### [Task brief]
Using the data below, copy every line that contains the word "Typographically".

________________________________________

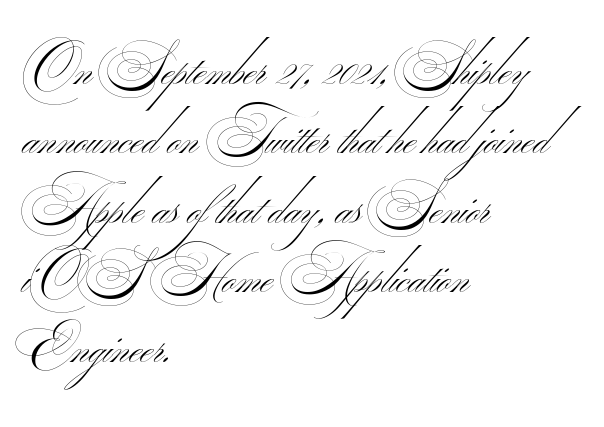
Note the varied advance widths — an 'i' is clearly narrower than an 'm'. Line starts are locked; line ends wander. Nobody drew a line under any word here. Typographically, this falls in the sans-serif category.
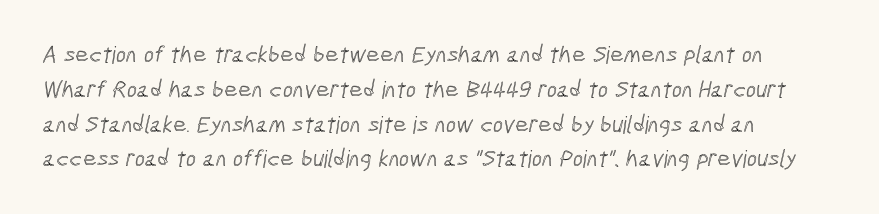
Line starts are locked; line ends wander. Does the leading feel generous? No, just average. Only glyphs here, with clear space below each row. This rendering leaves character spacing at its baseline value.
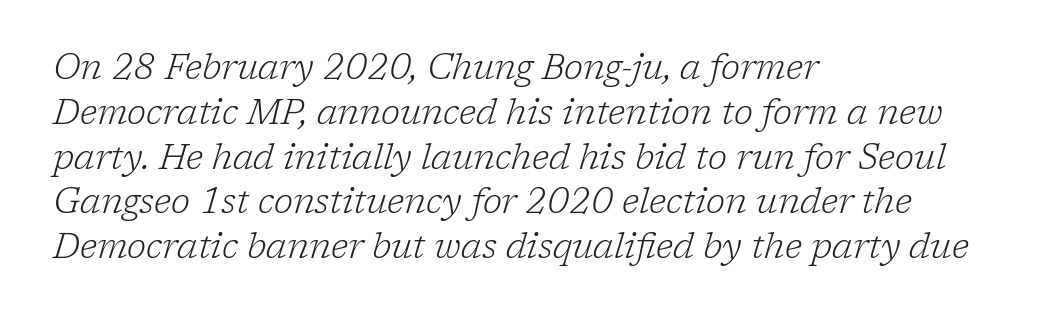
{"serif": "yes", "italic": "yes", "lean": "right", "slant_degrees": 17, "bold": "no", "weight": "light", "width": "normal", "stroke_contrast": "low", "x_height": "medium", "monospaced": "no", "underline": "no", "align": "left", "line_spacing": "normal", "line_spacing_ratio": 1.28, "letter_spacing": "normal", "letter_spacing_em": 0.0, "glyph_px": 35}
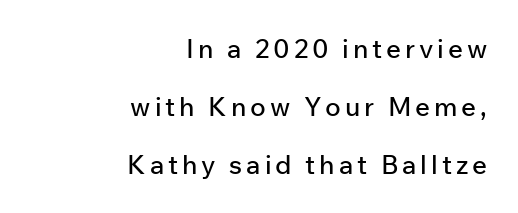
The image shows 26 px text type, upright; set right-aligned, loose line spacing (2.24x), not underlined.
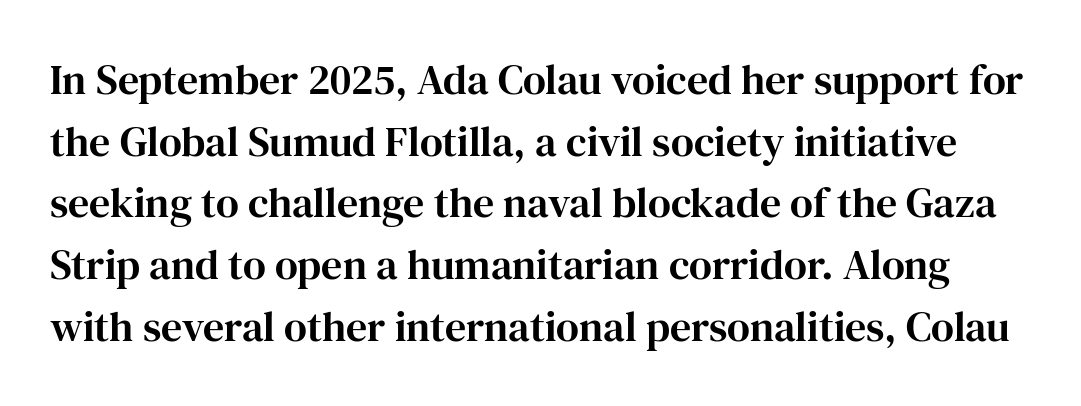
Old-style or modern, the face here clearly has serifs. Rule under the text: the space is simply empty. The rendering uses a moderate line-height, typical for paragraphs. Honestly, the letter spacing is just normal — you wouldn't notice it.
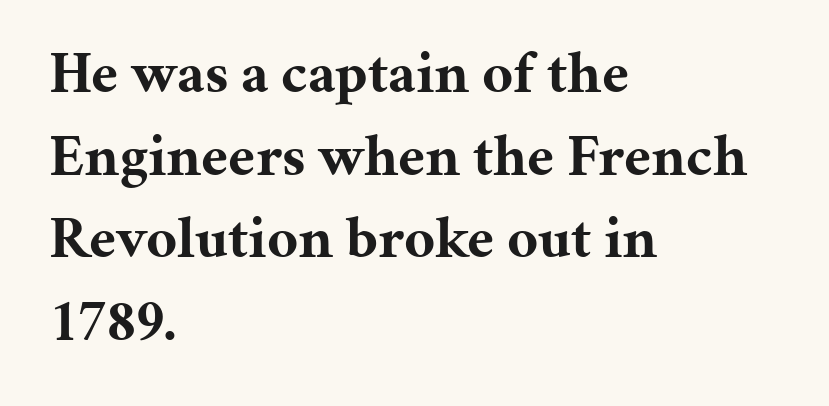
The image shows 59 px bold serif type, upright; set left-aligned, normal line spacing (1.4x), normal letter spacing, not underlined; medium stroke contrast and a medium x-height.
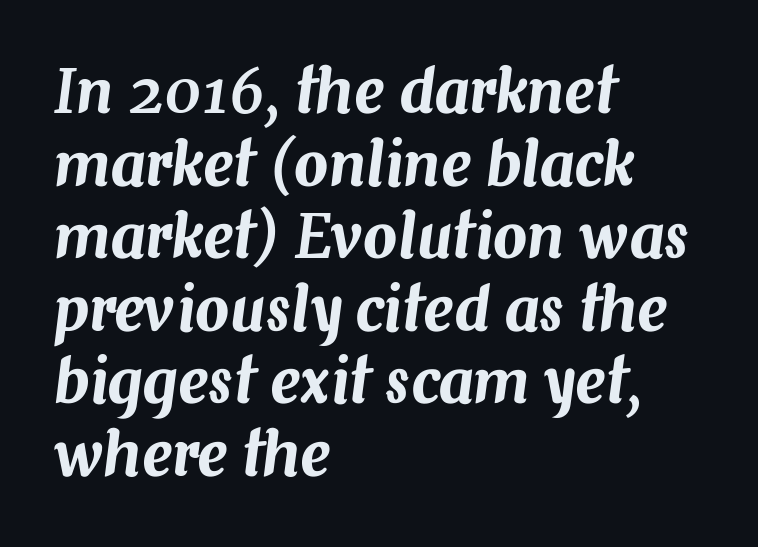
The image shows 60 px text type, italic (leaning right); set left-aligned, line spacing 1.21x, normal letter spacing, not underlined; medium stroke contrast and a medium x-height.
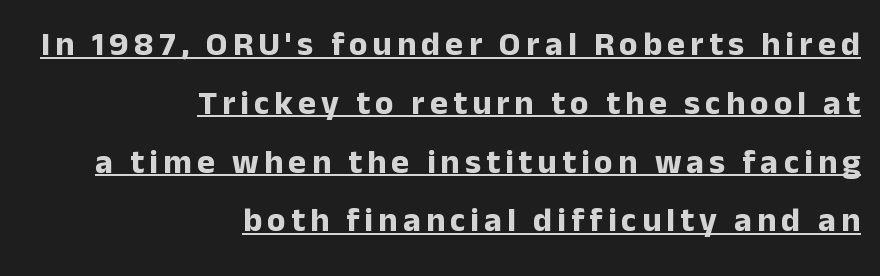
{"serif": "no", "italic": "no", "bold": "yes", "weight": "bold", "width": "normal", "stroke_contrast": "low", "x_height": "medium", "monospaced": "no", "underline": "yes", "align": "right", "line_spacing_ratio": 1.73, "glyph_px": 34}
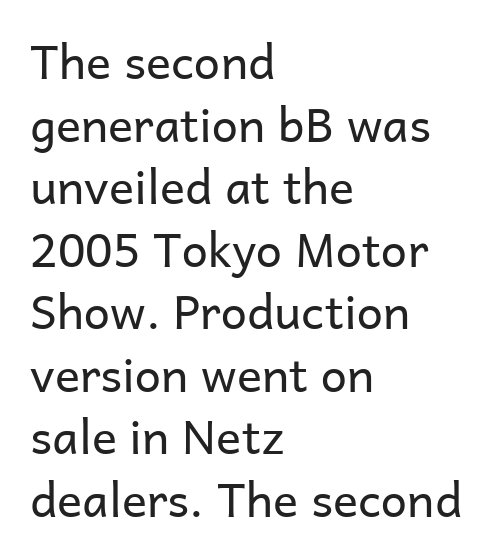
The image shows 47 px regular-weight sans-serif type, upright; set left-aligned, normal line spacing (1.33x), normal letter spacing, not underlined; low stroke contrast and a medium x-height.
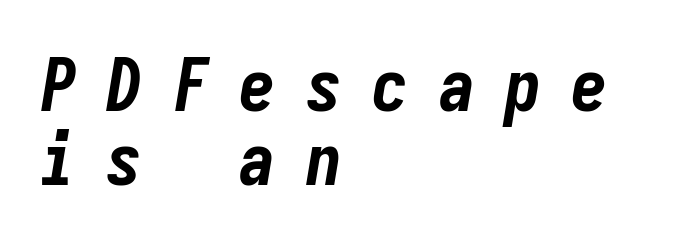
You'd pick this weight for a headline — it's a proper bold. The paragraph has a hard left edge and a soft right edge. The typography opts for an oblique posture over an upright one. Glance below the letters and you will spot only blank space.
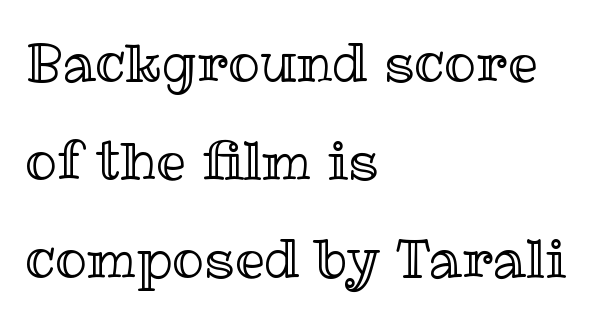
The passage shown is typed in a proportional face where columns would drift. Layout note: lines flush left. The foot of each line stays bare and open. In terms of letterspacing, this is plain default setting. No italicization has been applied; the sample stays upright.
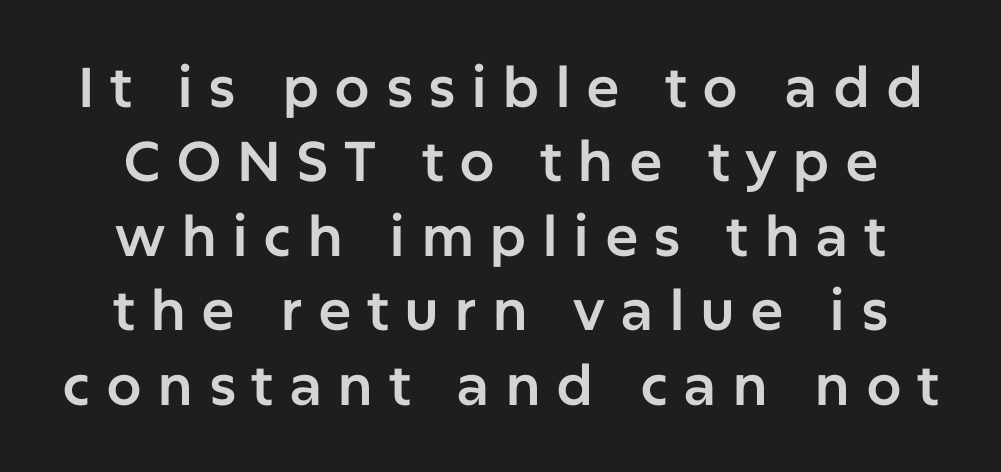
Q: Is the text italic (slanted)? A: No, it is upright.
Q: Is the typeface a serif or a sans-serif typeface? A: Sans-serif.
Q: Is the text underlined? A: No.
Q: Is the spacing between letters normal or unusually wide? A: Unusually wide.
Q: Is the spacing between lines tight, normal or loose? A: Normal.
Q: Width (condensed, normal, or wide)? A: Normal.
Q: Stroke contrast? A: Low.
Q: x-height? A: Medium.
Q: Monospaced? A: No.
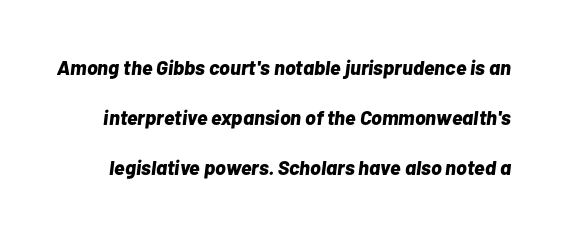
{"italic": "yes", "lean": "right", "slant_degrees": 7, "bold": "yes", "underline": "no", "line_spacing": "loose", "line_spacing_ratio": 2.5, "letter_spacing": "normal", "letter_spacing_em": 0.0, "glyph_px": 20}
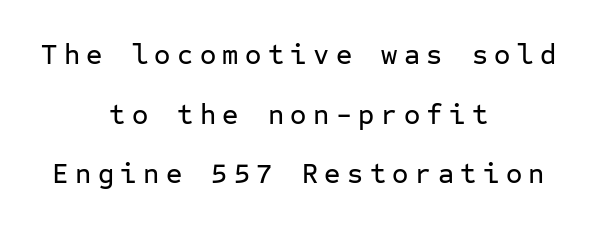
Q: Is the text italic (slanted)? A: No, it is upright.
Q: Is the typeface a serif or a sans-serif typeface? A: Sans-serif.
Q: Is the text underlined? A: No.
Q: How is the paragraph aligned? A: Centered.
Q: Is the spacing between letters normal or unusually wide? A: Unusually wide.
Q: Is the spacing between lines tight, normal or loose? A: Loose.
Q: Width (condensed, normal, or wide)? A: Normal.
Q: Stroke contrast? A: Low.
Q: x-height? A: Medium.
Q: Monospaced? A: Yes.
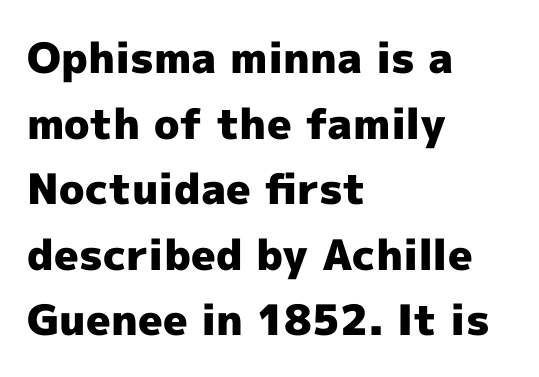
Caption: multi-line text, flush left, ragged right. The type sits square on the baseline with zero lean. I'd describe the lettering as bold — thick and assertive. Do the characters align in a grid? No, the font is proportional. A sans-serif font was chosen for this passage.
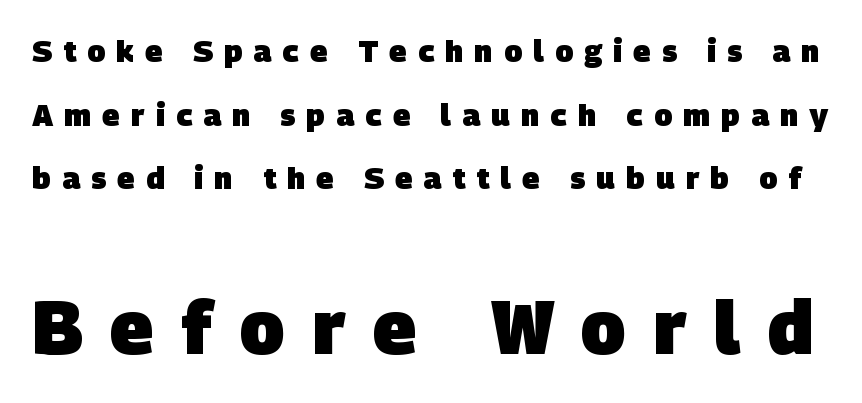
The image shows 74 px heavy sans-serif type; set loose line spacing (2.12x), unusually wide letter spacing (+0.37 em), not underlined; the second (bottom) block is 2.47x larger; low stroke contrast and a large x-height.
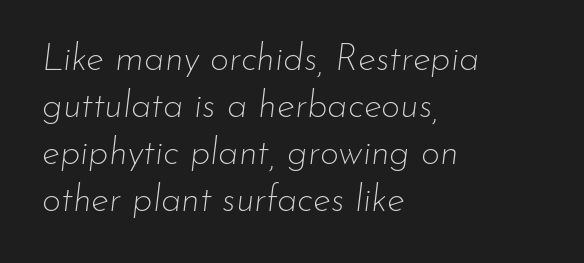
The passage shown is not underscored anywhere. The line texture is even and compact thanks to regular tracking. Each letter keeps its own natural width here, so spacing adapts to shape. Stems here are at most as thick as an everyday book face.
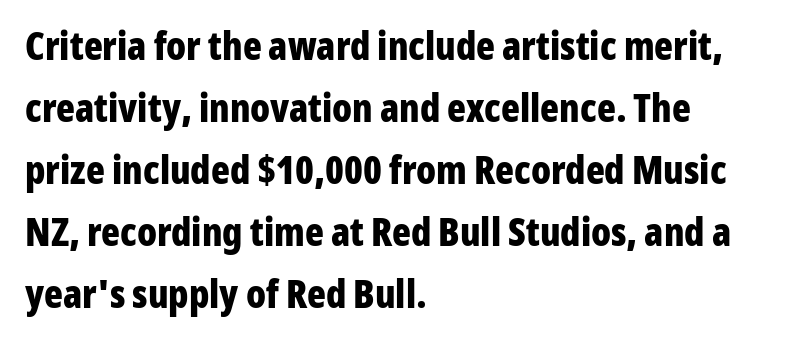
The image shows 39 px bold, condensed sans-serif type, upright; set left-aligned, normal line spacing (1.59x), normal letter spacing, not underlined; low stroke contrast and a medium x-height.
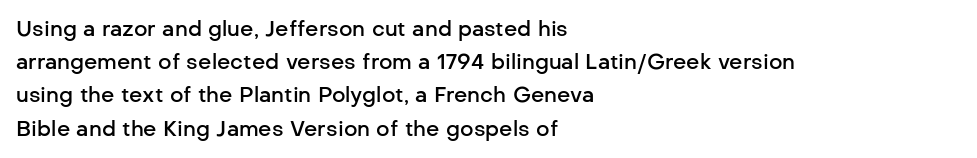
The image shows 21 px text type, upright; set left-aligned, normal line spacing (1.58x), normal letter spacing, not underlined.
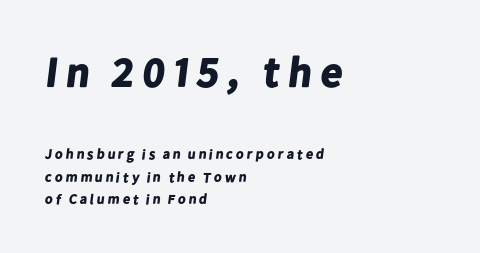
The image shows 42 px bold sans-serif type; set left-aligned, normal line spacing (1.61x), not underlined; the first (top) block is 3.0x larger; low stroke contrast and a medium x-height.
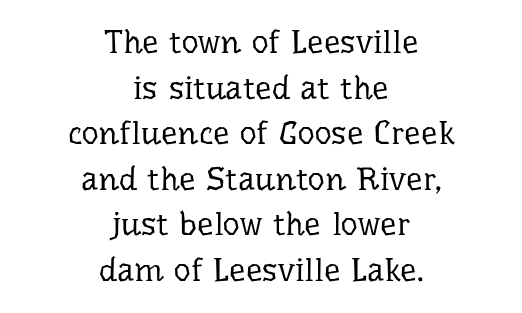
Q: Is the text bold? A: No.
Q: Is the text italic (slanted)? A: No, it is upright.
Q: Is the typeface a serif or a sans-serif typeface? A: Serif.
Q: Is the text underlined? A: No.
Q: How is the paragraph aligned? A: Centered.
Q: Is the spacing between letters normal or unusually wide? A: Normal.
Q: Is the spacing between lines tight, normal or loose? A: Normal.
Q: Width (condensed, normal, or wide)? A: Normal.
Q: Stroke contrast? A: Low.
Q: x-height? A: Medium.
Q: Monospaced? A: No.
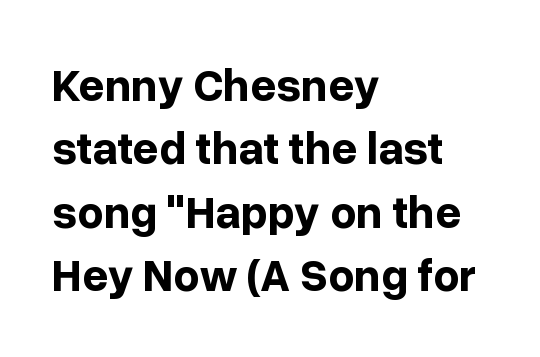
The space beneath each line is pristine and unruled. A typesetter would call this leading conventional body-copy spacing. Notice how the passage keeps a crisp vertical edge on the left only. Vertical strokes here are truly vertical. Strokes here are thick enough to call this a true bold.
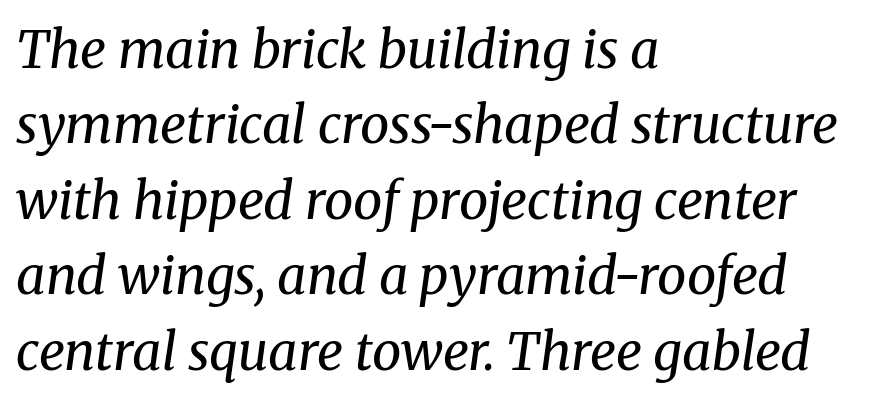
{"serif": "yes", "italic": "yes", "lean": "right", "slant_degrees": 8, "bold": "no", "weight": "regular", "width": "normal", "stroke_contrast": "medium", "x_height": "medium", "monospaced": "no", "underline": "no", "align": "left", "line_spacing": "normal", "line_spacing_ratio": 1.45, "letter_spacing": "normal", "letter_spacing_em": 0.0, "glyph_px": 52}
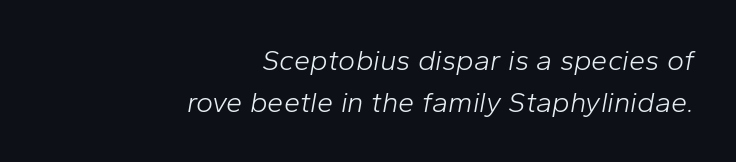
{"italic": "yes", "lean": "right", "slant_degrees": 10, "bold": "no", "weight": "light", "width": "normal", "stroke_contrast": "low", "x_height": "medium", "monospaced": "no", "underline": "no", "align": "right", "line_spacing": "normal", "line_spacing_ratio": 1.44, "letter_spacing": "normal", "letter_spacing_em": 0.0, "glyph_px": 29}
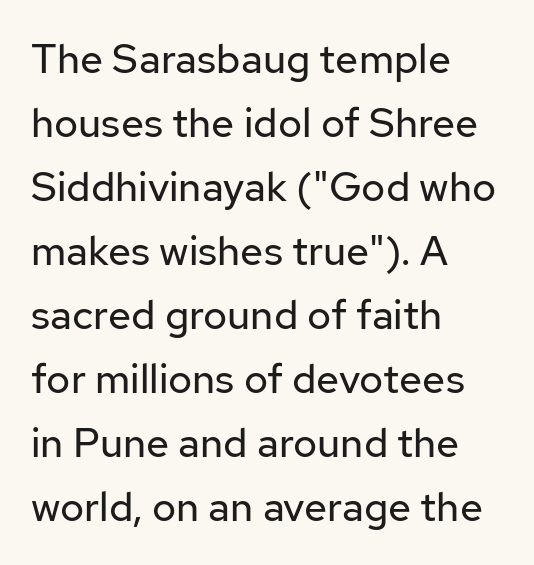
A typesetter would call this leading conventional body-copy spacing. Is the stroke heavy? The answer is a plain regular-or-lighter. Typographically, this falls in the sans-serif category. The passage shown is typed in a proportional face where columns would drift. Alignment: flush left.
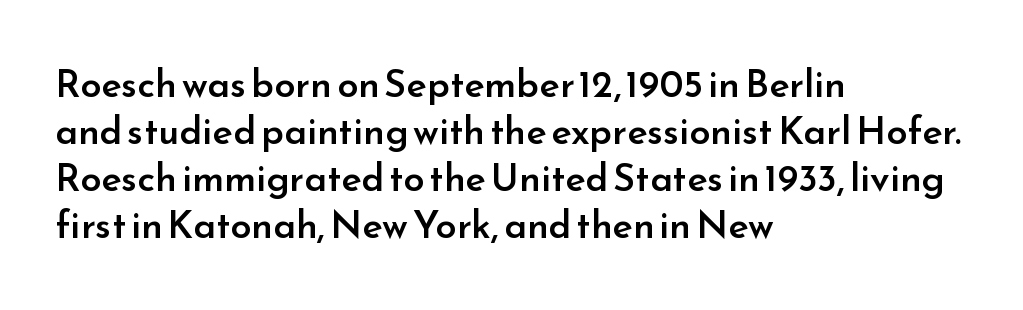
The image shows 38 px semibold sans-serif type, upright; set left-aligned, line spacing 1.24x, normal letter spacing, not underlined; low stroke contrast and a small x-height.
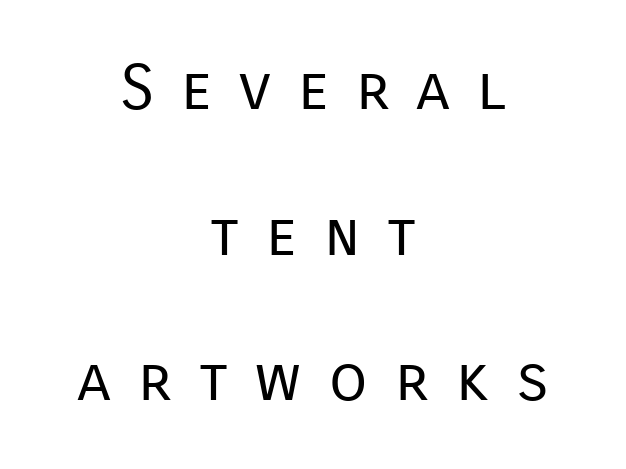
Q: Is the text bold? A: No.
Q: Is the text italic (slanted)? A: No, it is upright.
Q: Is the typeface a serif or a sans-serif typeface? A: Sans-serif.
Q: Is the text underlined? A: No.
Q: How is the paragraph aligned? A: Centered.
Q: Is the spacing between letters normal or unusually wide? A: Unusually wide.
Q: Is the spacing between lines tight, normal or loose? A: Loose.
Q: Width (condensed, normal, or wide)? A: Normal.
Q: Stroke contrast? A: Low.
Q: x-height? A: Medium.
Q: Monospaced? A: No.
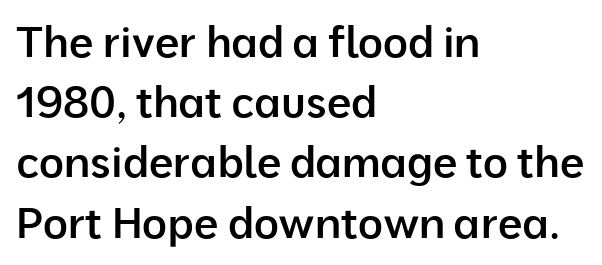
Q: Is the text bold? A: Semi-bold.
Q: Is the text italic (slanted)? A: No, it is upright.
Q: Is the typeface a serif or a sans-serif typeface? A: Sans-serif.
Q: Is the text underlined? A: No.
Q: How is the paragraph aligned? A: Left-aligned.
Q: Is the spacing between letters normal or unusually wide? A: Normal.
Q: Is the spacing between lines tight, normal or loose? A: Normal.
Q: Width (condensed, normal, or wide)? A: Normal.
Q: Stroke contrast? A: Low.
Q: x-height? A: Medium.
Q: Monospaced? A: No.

________________________________________

### [Response]
Note the varied advance widths — an 'i' is clearly narrower than an 'm'. Line starts are locked; line ends wander. Nobody drew a line under any word here. Typographically, this falls in the sans-serif category.
A typesetter would call this leading conventional body-copy spacing. Is the stroke heavy? The answer is a plain regular-or-lighter. Typographically, this falls in the sans-serif category. The passage shown is typed in a proportional face where columns would drift. Alignment: flush left.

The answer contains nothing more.